### TASK REQUIREMENTS:
Only one stretch of the data below is wanted: the lines from the one with "road: unclassified, surface: asphalt, light: Day" through the one with "road: service, surface: asphalt, light: Day", repeated exactly.

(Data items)

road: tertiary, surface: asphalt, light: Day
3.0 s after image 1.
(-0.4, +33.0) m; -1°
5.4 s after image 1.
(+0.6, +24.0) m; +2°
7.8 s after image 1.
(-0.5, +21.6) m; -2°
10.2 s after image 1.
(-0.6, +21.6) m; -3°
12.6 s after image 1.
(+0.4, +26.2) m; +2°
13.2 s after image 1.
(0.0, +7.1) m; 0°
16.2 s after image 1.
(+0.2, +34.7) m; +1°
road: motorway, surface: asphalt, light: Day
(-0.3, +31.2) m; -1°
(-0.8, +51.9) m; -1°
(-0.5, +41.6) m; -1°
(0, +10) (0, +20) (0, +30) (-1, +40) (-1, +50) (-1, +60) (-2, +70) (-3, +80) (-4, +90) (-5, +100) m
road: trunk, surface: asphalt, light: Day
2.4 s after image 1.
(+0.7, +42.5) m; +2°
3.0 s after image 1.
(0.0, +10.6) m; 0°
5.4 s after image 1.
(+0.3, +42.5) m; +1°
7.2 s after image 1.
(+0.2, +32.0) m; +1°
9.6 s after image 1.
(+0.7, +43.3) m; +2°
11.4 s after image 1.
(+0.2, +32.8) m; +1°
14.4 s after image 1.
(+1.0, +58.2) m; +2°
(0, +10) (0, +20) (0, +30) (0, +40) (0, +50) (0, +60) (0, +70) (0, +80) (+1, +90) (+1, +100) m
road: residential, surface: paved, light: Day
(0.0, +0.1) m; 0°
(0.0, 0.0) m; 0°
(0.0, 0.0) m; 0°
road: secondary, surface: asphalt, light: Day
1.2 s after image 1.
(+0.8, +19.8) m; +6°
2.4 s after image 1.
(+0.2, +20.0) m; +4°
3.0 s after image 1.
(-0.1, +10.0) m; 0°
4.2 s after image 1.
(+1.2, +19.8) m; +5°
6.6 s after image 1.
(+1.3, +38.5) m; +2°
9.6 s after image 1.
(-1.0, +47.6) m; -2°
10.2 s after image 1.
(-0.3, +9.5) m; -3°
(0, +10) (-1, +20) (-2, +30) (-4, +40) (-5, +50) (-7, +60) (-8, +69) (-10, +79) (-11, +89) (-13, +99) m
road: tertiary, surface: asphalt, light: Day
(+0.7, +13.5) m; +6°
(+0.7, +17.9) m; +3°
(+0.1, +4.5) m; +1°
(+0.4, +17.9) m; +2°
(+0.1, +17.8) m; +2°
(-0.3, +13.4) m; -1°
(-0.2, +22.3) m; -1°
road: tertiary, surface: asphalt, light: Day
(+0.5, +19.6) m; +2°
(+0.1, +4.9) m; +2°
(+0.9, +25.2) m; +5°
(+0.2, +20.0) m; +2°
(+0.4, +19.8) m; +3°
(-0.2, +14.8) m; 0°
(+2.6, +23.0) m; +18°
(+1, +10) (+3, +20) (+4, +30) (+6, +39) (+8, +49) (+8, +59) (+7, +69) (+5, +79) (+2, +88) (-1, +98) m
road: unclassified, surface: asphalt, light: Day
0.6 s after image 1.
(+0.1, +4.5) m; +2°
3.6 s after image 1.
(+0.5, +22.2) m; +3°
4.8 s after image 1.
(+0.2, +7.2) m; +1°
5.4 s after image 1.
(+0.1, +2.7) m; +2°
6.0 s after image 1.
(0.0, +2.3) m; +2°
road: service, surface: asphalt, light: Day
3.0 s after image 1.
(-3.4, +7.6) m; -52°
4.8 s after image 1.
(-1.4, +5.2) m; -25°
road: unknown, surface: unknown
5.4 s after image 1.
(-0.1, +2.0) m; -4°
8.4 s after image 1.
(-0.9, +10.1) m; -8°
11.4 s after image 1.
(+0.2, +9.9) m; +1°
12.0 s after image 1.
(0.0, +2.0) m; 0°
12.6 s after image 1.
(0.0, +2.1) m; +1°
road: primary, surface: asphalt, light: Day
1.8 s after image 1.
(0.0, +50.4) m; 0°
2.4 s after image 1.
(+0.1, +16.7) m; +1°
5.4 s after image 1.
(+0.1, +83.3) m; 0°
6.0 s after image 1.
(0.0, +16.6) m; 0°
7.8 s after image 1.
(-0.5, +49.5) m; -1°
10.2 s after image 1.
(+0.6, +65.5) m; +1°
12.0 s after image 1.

### RESULT BELOW:
road: unclassified, surface: asphalt, light: Day
0.6 s after image 1.
(+0.1, +4.5) m; +2°
3.6 s after image 1.
(+0.5, +22.2) m; +3°
4.8 s after image 1.
(+0.2, +7.2) m; +1°
5.4 s after image 1.
(+0.1, +2.7) m; +2°
6.0 s after image 1.
(0.0, +2.3) m; +2°
road: service, surface: asphalt, light: Day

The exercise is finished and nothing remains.